No sé en qué consistiría su técnica, o quizás alguna vez me la dijo y yo no le
presté atención. Nuestros datos ficticios ya estaban siendo corroborados por la
red informática de la policía federal. Por la radio policial también se
percibió una carcajada. Nuestra farsa había sido develada. Ahora si me esperaba
la cachetada, el viaje a la comisaria, sacarse los cordones, tocar pianito y
todo ese ritual burocrático que no sirve para nada.


    -¿Cómo se
llaman?-, el que estaba del otro lado de la radio seguramente tenía un poco más
de cultura que el agente callejero-, te están descansando boludo. Nosotros
descostillándonos de la risa. El milico totalmente impotente sin saber si
cagarnos a palo ahí mismo, llevarnos a la comisaria, dejarnos ir, o largarse a
reír también.


    - Así que
ustedes se fumaron un porro y me están descansando. Mirá vos, Leopoldo Lugones
y Horacio Quiroga.


    -Disculpemos oficial-, yo me agarraba el
estómago y el Chaqueño estaba doblado con la cara hinchada, los ojos totalmente
derramados en sangre y hasta se le caía la baba de la boca,- es que estamos
re-locos, somos drogadictos.


   -¡Sí!, ¡sí!,
somos drogadictos-, decía el Chaqueño. Parecía un globo a punto de explotar.


   -Somos
fasistas-. Con una mano me agarraba el estómago y con la otra simulaba la v de
la victoria.


   -Tómenselas.
No los quiero ver por acá. La próxima vez los cago a patadas en el culo y los llevo
en cana-, dijo el milico y se volvió para el patrullero.


   Como
pudimos levantamos las pocas cosas.
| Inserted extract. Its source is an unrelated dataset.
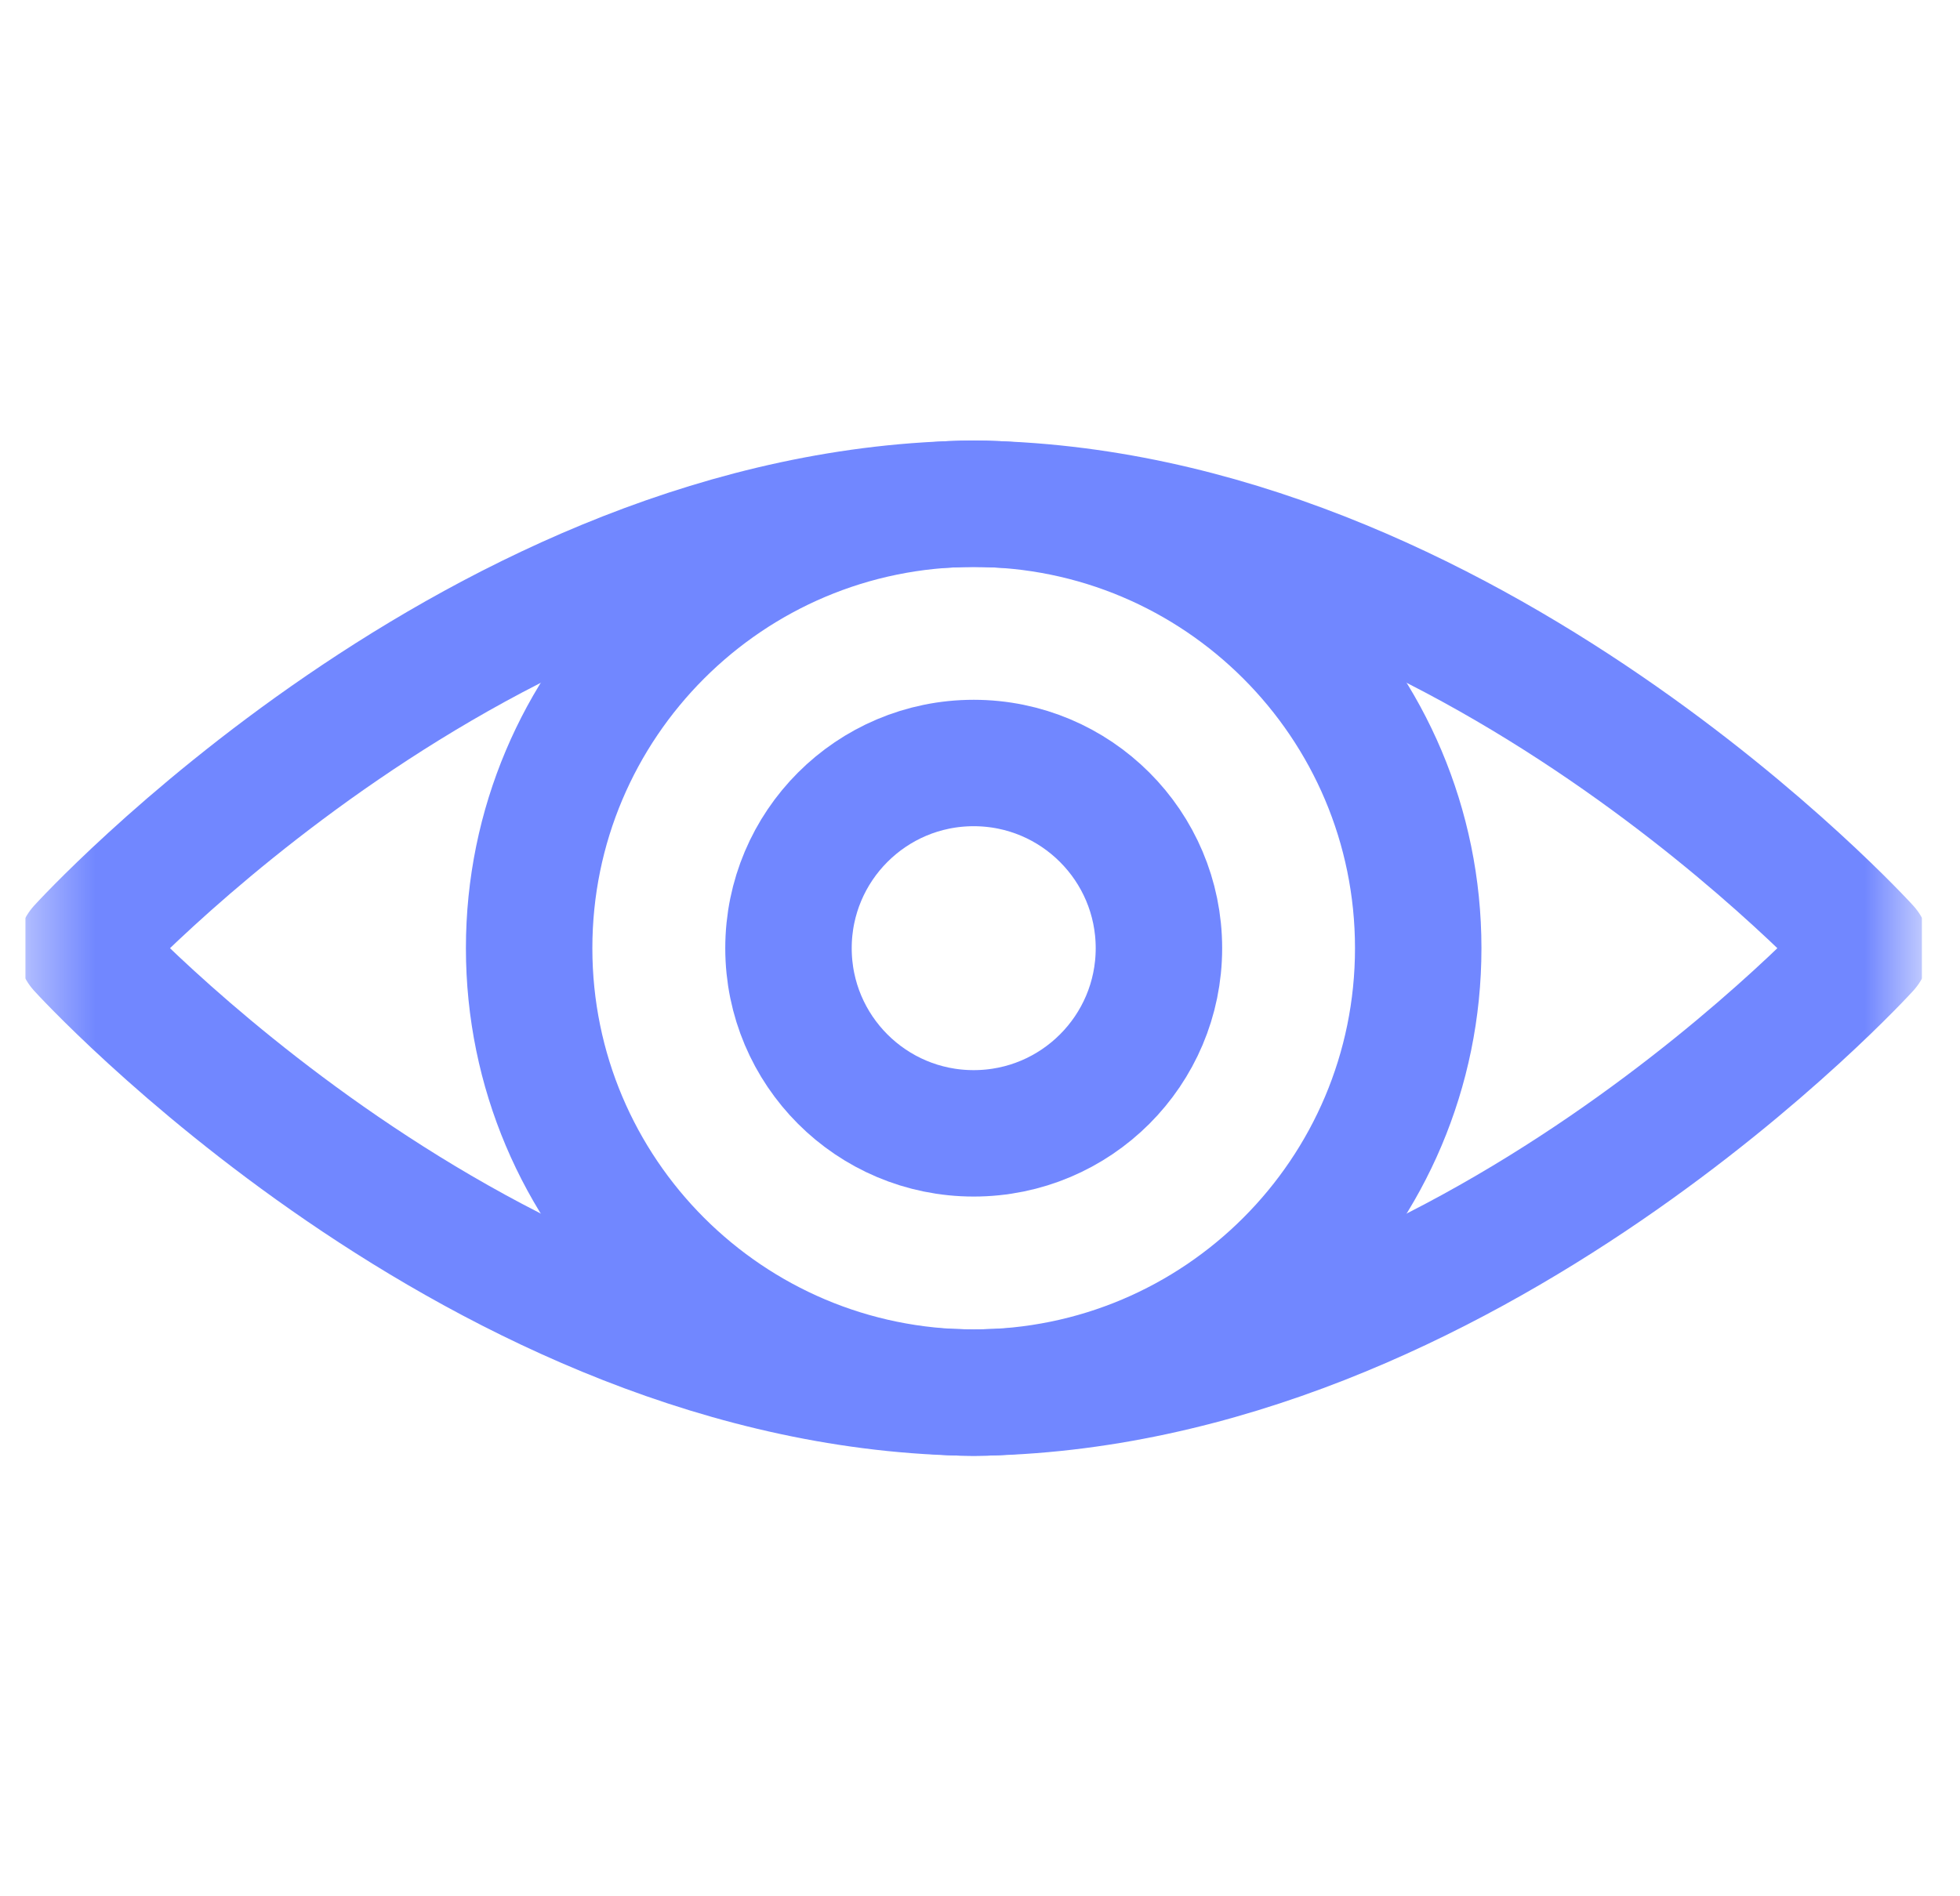<svg xmlns="http://www.w3.org/2000/svg" width="31" height="30" viewBox="0 0 31 30" fill="none"><g clip-path="url(#clip0_540_3758)"><mask id="mask0_540_3758" style="mask-type:luminance" maskUnits="userSpaceOnUse" x="0" y="0" width="31" height="31"><path d="M0.4 0H30.4V30H0.4V0Z" fill="white"></path></mask><g mask="url(#mask0_540_3758)"><path d="M15.4 7.97C7.603 8.039 1.279 15.001 1.279 15.001C1.279 15.001 7.603 21.962 15.4 22.032C23.198 21.962 29.521 15.001 29.521 15.001C29.521 15.001 23.198 8.039 15.4 7.97Z" stroke="#7187FF" stroke-width="2" stroke-miterlimit="10" stroke-linecap="round" stroke-linejoin="round"></path><path d="M18.33 15.001C18.33 16.619 17.018 17.93 15.4 17.93C13.782 17.93 12.471 16.619 12.471 15.001C12.471 13.383 13.782 12.071 15.4 12.071C17.018 12.071 18.33 13.383 18.33 15.001Z" stroke="#7187FF" stroke-width="2" stroke-miterlimit="10" stroke-linecap="round" stroke-linejoin="round"></path><path d="M22.431 15.001C22.431 18.884 19.284 22.032 15.4 22.032C11.517 22.032 8.369 18.884 8.369 15.001C8.369 11.117 11.517 7.969 15.4 7.969C19.284 7.969 22.431 11.117 22.431 15.001Z" stroke="#7187FF" stroke-width="2" stroke-miterlimit="10" stroke-linecap="round" stroke-linejoin="round"></path></g></g><defs><clipPath id="clip0_540_3758"><rect width="30" height="30" fill="white" transform="translate(0.4)"></rect></clipPath></defs></svg>

Era impresionante resistir la tentación a
no reírse, y encima frente a un milico después de haberlo descansado
olímpicamente. Esta iba a ser una de esas anécdotas que se quedarían en la
inmortalidad de las anécdotas callejeras.


  Al final
llegamos al comedor riéndonos de la situación uno y otra vez. Comimos a más no
poder. Ya con el estómago lleno la rutina volvía a empezar. El Chaqueño dio el puntapié
 inicial:


   -¿Vamos a
Flores?








   El manuscrito fue encontrado entre las
montañas de textos para corregir de Jorge Luis Borges. María Kodama nunca pudo
explicar cómo llegó el texto a las manos del distinguido escritor.